Source records:
===

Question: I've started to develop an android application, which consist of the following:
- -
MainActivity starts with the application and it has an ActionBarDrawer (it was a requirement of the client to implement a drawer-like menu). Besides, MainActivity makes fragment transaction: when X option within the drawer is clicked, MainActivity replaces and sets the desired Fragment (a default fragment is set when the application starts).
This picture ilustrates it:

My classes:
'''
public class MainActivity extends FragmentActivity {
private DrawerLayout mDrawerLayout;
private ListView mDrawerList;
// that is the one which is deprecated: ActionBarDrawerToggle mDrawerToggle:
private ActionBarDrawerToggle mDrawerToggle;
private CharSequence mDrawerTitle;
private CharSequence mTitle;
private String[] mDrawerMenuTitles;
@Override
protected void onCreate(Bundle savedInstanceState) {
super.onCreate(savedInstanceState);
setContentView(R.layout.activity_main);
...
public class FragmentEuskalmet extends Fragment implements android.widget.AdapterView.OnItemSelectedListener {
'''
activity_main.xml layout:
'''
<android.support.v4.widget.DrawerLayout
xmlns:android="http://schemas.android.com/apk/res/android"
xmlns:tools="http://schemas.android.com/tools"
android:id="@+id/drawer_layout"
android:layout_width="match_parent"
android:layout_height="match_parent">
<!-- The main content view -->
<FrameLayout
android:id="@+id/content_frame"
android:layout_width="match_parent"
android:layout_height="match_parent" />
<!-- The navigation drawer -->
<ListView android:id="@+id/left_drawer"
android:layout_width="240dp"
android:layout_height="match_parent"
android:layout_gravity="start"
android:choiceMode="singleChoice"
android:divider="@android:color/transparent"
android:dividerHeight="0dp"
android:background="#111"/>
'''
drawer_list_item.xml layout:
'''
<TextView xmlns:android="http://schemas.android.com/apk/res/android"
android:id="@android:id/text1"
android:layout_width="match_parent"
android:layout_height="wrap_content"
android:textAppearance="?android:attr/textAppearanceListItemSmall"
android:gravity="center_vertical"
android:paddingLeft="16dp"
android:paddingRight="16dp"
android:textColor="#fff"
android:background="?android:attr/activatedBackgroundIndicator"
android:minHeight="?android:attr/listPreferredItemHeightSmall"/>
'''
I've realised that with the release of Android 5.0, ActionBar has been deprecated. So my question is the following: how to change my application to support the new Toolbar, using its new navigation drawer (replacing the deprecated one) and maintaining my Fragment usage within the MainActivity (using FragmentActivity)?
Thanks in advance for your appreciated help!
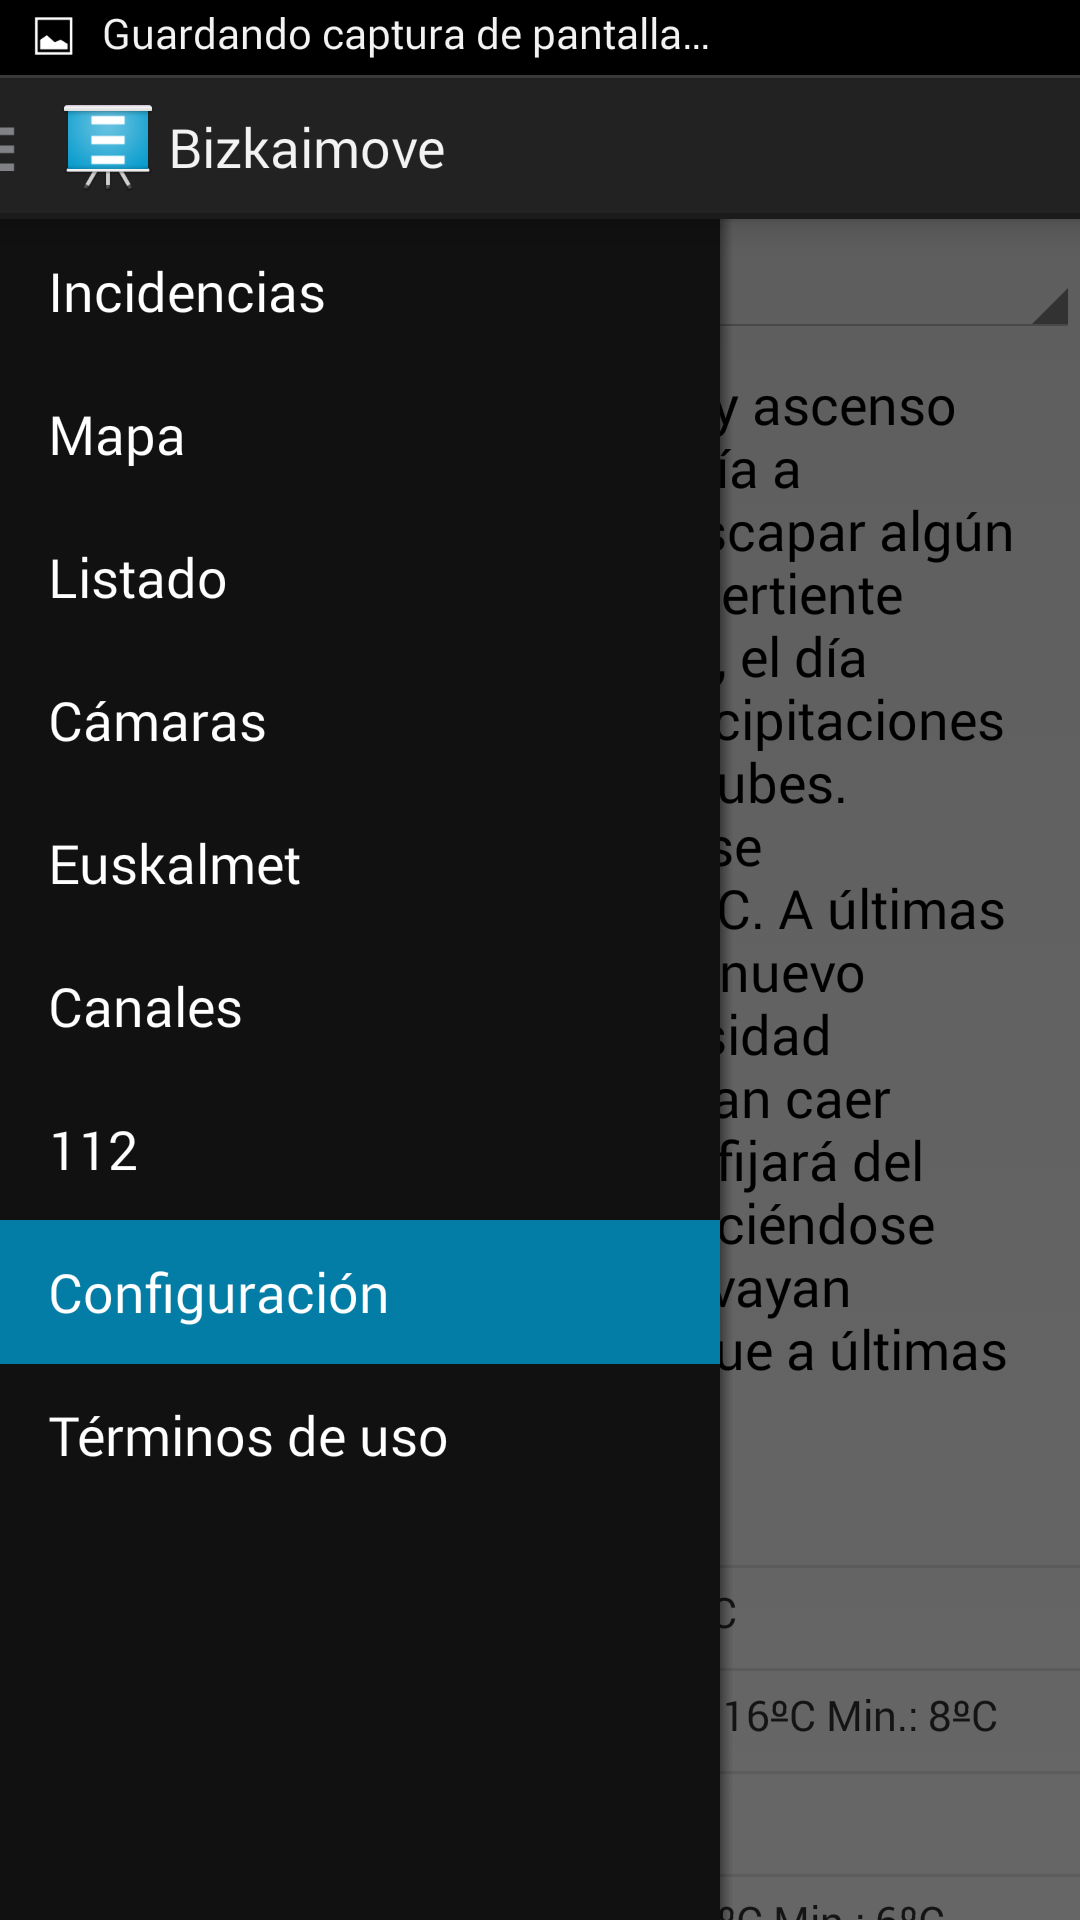
Answer: The ActionBar in Android 5.0.
Beginning with Android 5.0 (API level 21), the action bar widget within the application layout.
Said that, to replace the ActionBar with the new Toolbar and the new 'appcompat v21' you have to:
- 'AppCompatActivity''FragmentActivity'- 'getSupportActionBar()''getActionBar()'- -
More info <URL>
Then to integrate the navDrawer you can do:
'''
Toolbar toolbar = (Toolbar) findViewById(R.id.my_awesome_toolbar);
setSupportActionBar(toolbar);
mDrawerToggle= new ActionBarDrawerToggle(this, mDrawerLayout,mToolbar, R.string.app_name,
R.string.app_name);
mDrawerLayout.setDrawerListener(mDrawerToggle);
'''
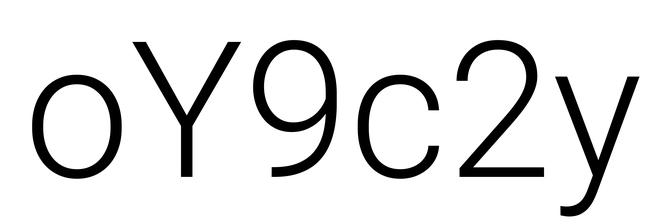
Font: Roboto_Light
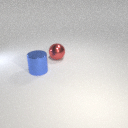
large red metal sphere to the right of large blue metal cylinder
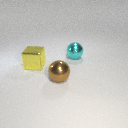
large brown metal sphere in front of large cyan metal sphere
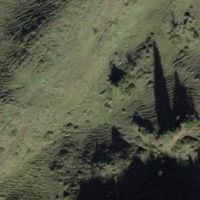
EUNIS habitat code: 23
Species observed at this site:
Astrantia minor
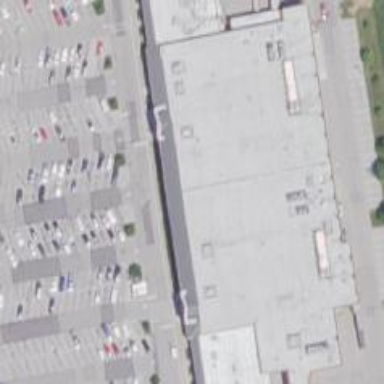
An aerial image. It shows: Supermarket.
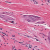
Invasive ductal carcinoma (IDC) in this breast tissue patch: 0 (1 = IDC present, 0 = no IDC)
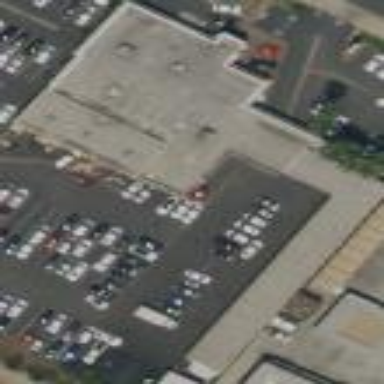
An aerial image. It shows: Commercial building used for cars.
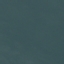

===

What needs to be done: Restate word for word the lines that begin at the one containing "Invasive ductal carcinoma" and end with the final line of the records. Pictures stay out.

Answer box:
Invasive ductal carcinoma (IDC) in this breast tissue patch: 0 (1 = IDC present, 0 = no IDC)
An aerial image. It shows: Commercial building used for cars.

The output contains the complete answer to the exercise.